Agreed. Thanks for those further references. One way around the problem of minority stress theory predicting genetic correlations (even if the authors of minority stress don't specify this, which they should have really) is to have a better causal model perhaps (like the ones in your main post about the theory), and then use some kind of cross-lagged longitudinal and yet genetically sensitive model to test it. This also helps reduce any reverse causation. But almost no datasets like this.
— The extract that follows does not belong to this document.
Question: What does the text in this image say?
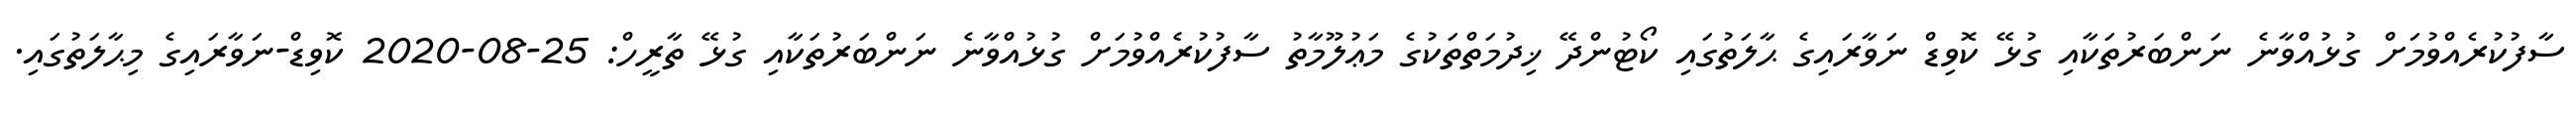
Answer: ސާފުކުރެއްވުމަށް ގުޅުއްވާނެ ނަންބަރުތަކާއި ގުޅޭ ކޮވިޑް ނަވާރައިގެ ޙާލަތުގައި ކޯޓުންދޭ ޚިދުމަތްތަކުގެ މަޢުލޫމާތު ސާފުކުރެއްވުމަށް ގުޅުއްވާނެ ނަންބަރުތަކާއި ގުޅޭ ތާރީހް: 25-08-2020 ކޮވިޑް-ނަވާރައިގެ މިޙާލަތުގައި.

Not unreasonable at all (although what you imply sounds more like that it is trauma that causes both psychiatric problems and homosexuality, rather than the former causes the latter). The problem is that whenever you see this pattern that a certain type of people come from certain types from families it is more often than not genetic confounding, which is why these twin controls are so important.
A possible explanation for these findings is that being a sexual minority is indeed causal for mental health problems, but not through discrimination, but just through cultural experiences. It must be hard on its own to experience that you are just not interested in the kind of relationship building most people do (and which can result in having a family) but it is compounded by the influences of the gay subculture, which promotes a hedonistic lifestyle that can't be great for your mental health. I can't say though what percentage of sexual minorities actually participate in this subculture.